UNIQmin: An alignment-independent tool for the study of pathogen sequence diversity at any given rank of taxonomy lineage

DOI - 10.3390/biology10090853 ChongLC - MinimalSetofViralPeptidome-UNIQmin stars - MinimalSetofViralPeptidome-UNIQmin forks - MinimalSetofViralPeptidome-UNIQmin License

Brief Description

Sequence variation among pathogens, even of a single amino acid, can expand their host repertoire or enhance the infection ability. Alignment independent approach represents an alternative approach to the study of pathogen diversity, which is devoid of the need for sequence conservation to perform comparative analyses. Herein, we present UNIQmin, a tool that utilises an alignment independent method to generate the minimal set of pathogen sequences, as a way to study their diversity, across any rank of taxonomic lineage. The minimal set refers to the smallest possible number of sequences required to capture the entire repertoire of pathogen peptidome diversity present in a sequence dataset.

Installation

pip install uniqmin

Upgrade installed UNIQmin

pip install uniqmin --upgrade

Usage

uniqmin [-h] [-i INPUT] [-o OUTPUT] [-k [KMERLENGTH]] [-cpu [CPUSIZE]]

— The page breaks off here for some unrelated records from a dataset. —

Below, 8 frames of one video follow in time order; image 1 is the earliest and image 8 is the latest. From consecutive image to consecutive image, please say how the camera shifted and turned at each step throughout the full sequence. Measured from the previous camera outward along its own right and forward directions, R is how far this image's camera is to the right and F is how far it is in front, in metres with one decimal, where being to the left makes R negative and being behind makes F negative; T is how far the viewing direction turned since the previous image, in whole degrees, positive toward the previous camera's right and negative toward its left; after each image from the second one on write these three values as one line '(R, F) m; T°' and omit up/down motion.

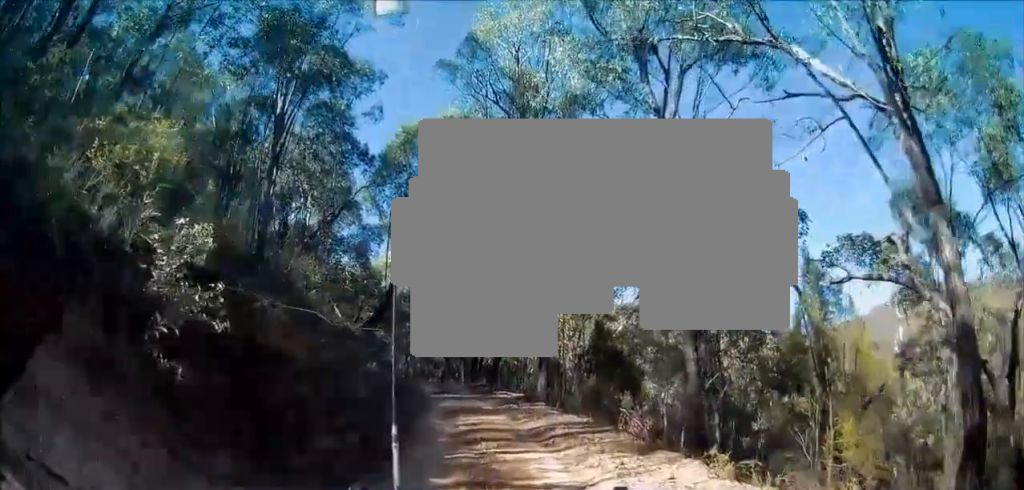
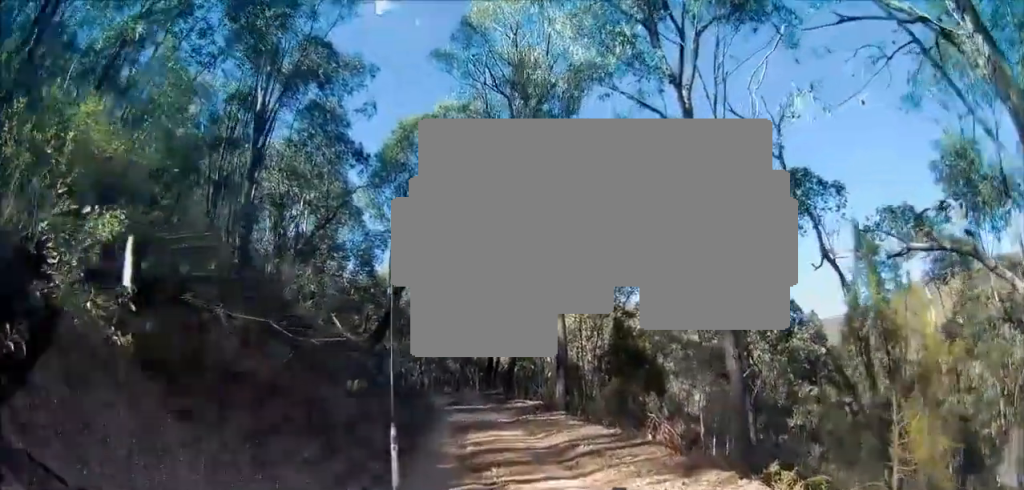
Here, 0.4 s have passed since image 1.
(-0.1, +1.5) m; 0°
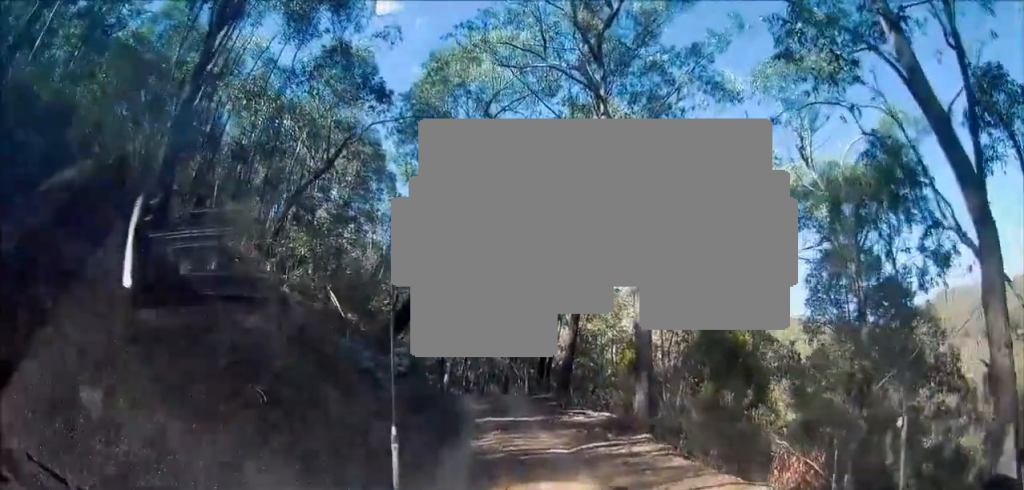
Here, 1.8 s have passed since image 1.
(+0.1, +4.9) m; -1°
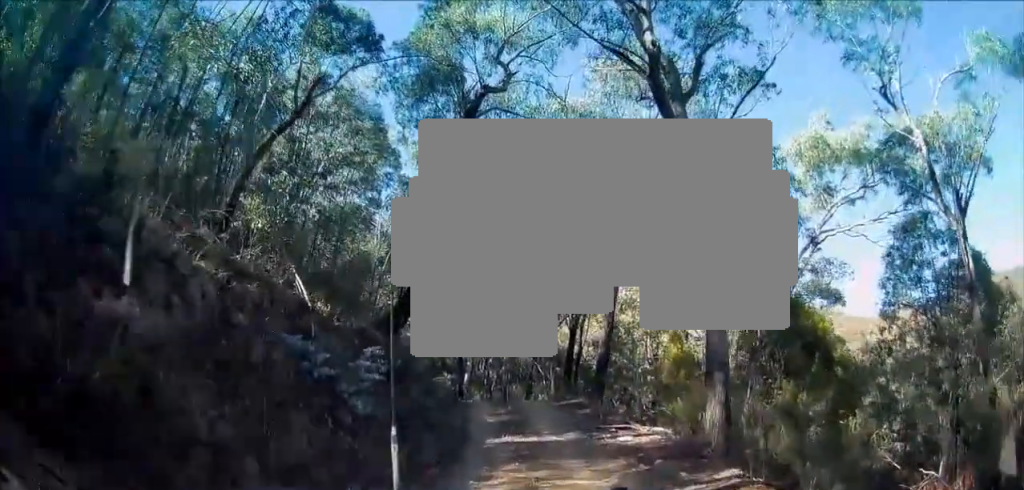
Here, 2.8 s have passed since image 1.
(-0.2, +3.5) m; -10°
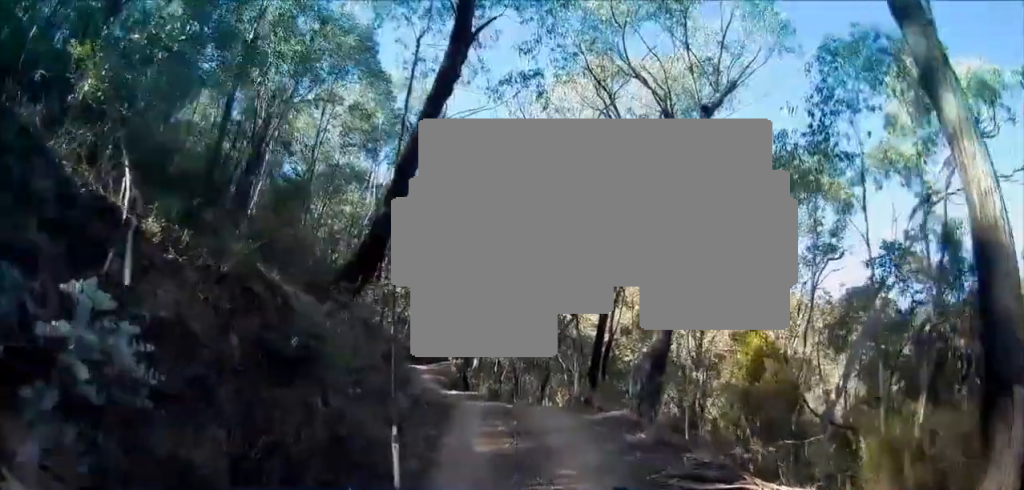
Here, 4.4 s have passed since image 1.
(-0.4, +5.9) m; -1°
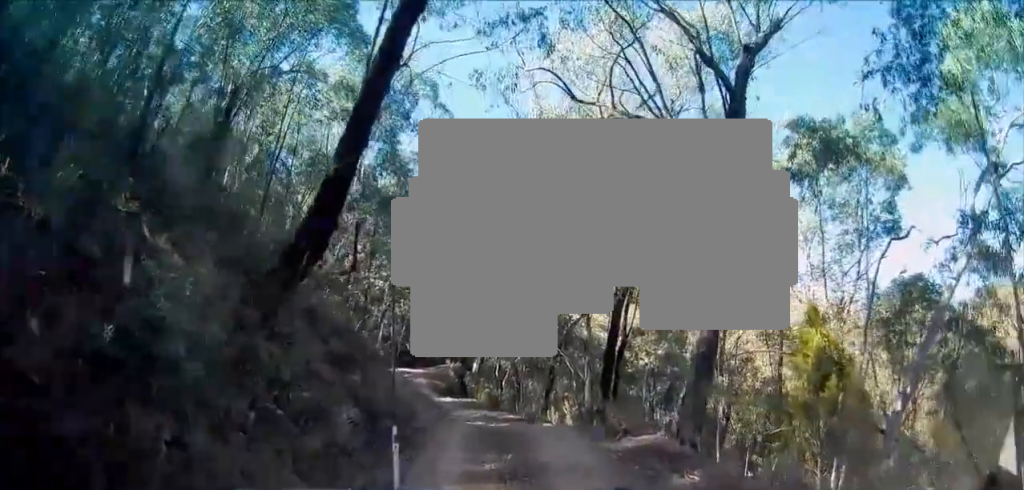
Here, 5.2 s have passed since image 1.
(+0.1, +2.7) m; +4°
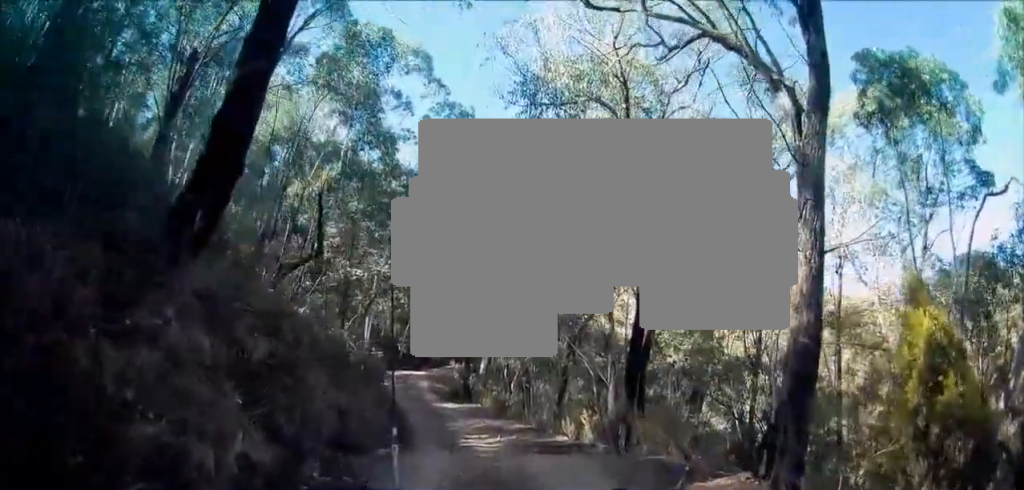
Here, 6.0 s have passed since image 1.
(+0.1, +2.7) m; +3°
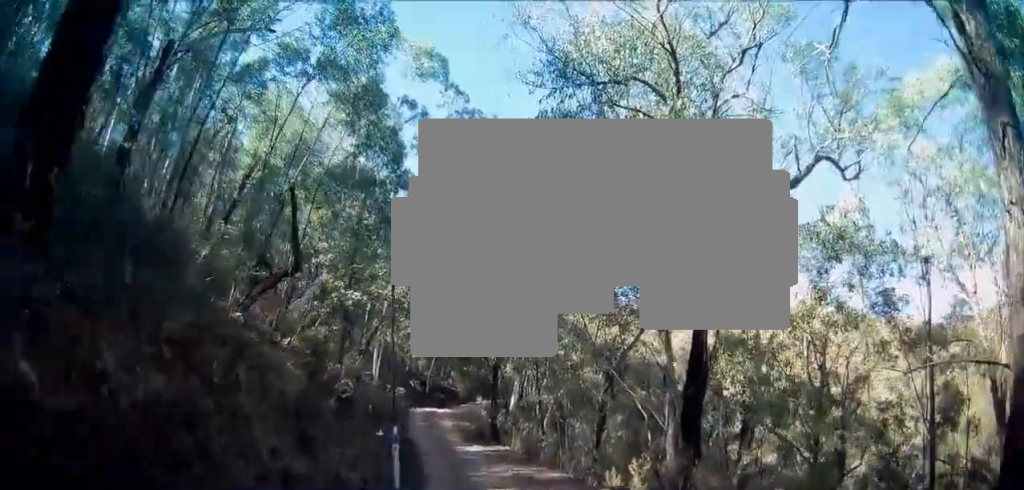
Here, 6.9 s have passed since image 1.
(+0.2, +2.4) m; -5°

For example, UNIQmin tool is applied to generate a minimal set (example) with a sample input file (exampleinput.fas). A k-mer window size of nine (9; nonamer) is used with utilising 14-cores.

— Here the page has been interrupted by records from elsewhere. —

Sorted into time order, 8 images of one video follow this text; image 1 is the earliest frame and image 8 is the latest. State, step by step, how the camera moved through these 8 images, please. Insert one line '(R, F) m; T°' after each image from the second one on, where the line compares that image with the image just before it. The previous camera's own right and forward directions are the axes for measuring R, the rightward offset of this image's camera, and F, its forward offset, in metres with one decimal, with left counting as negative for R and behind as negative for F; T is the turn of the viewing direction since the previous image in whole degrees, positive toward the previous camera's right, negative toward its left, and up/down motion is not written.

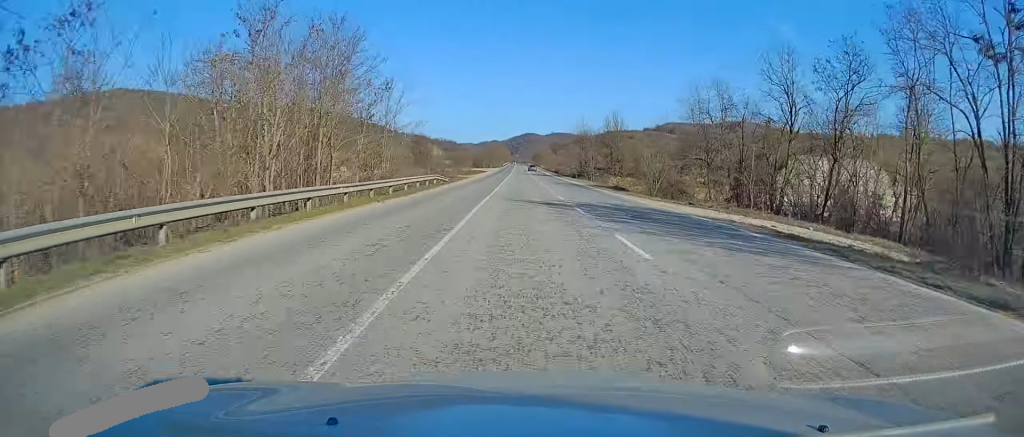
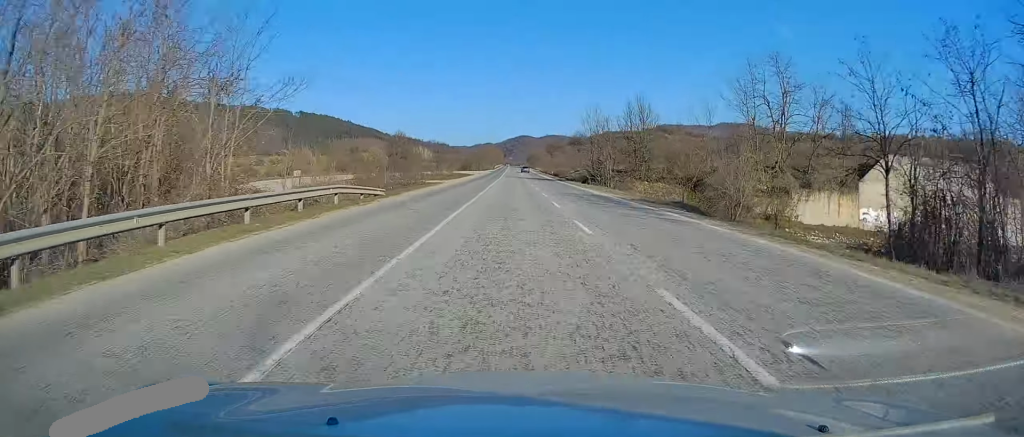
(0.0, +23.4) m; 0°
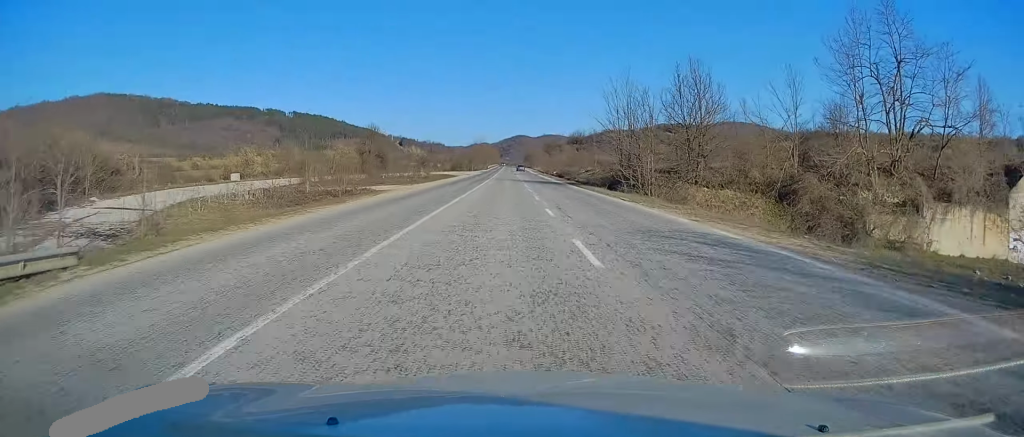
(0.0, +22.4) m; 0°
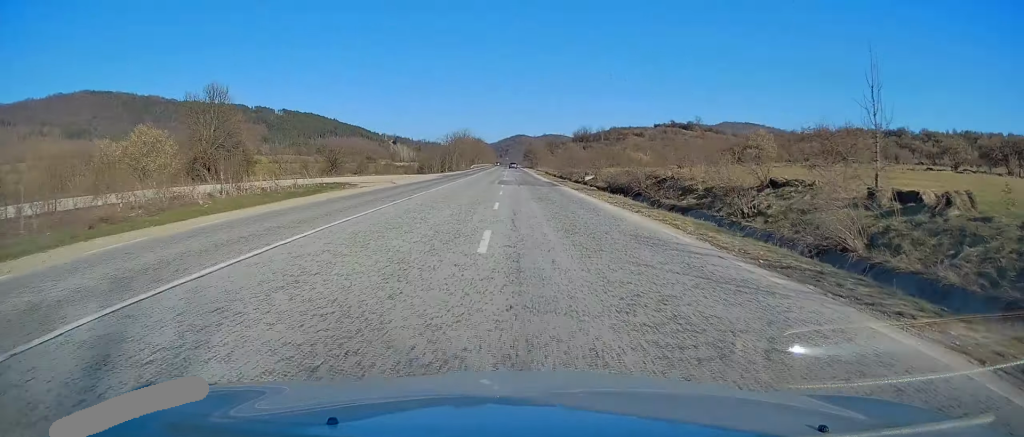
(+0.1, +62.4) m; 0°
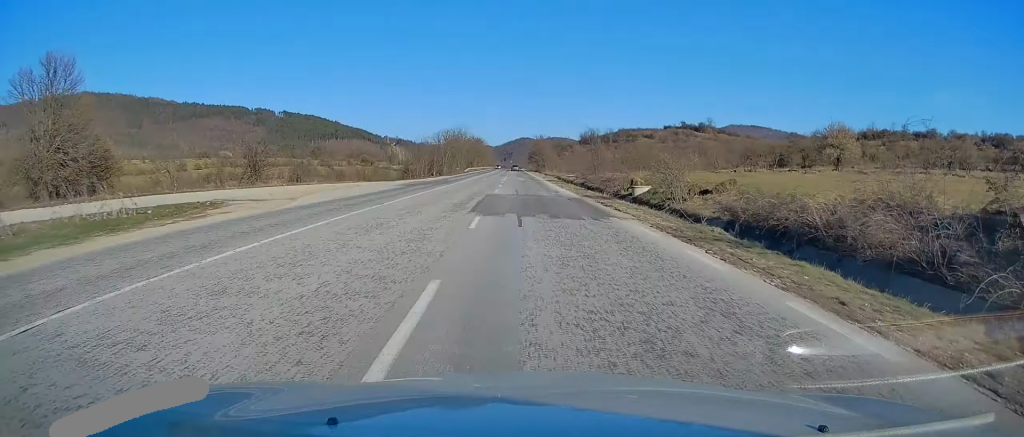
(0.0, +23.4) m; 0°
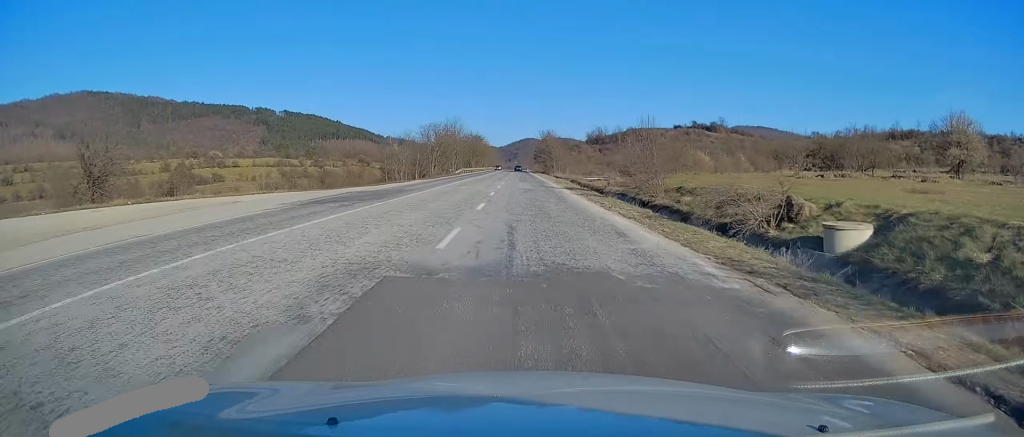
(0.0, +21.3) m; -1°
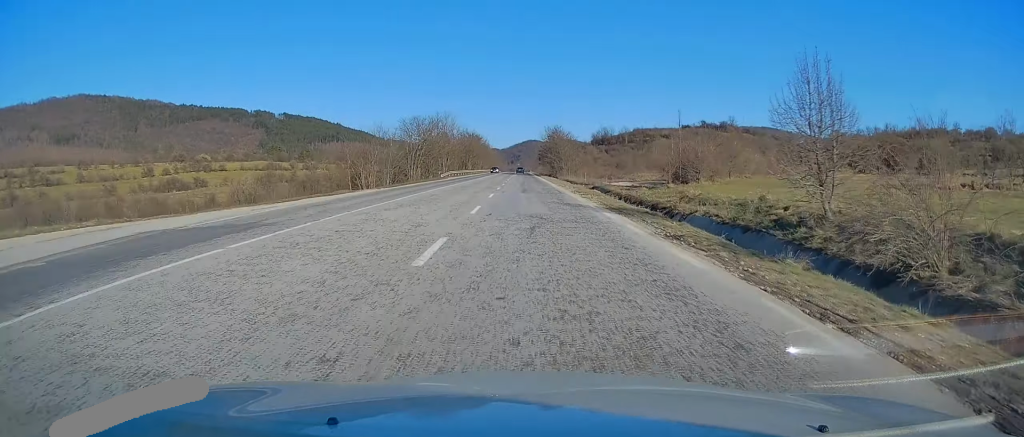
(-0.2, +19.2) m; -1°
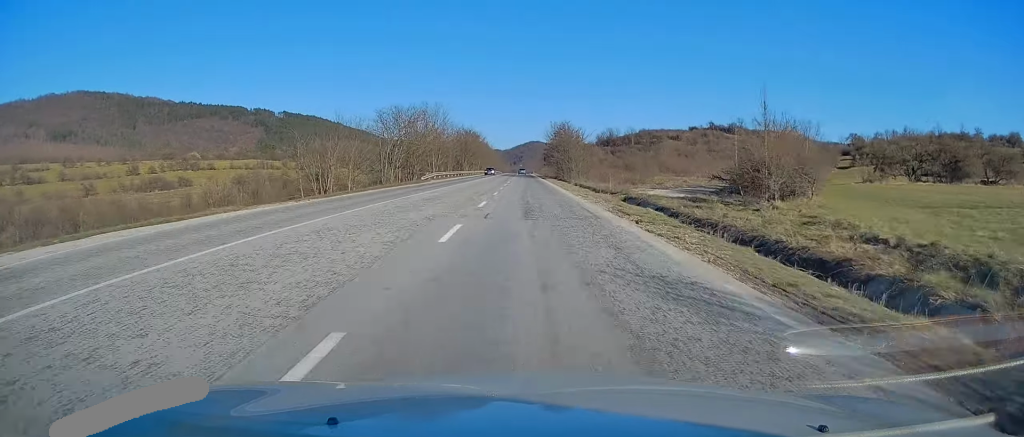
(-0.1, +15.1) m; 0°

uniqmin -i exampleinput.fas -o example -k 9 -cpu 14

Command-line Arguments

Argument Parameter Type Required Default Description
-h help N/A FALSE N/A Show this help message and exit
-i sequence input file String TRUE N/A Path of the input file (in FASTA format)
-o output directory name String TRUE N/A Path of the output file to be created
-k k-mer window size Integer FALSE 9 The length of k-mers to be used
-cpu cpu size Integer FALSE 14 The number of CPU cores to be used

For more information, please visit UNIQmin GitHub page.

License

© 2021 Chong LC

This repository is licensed under the MIT license. See LICENSE for details.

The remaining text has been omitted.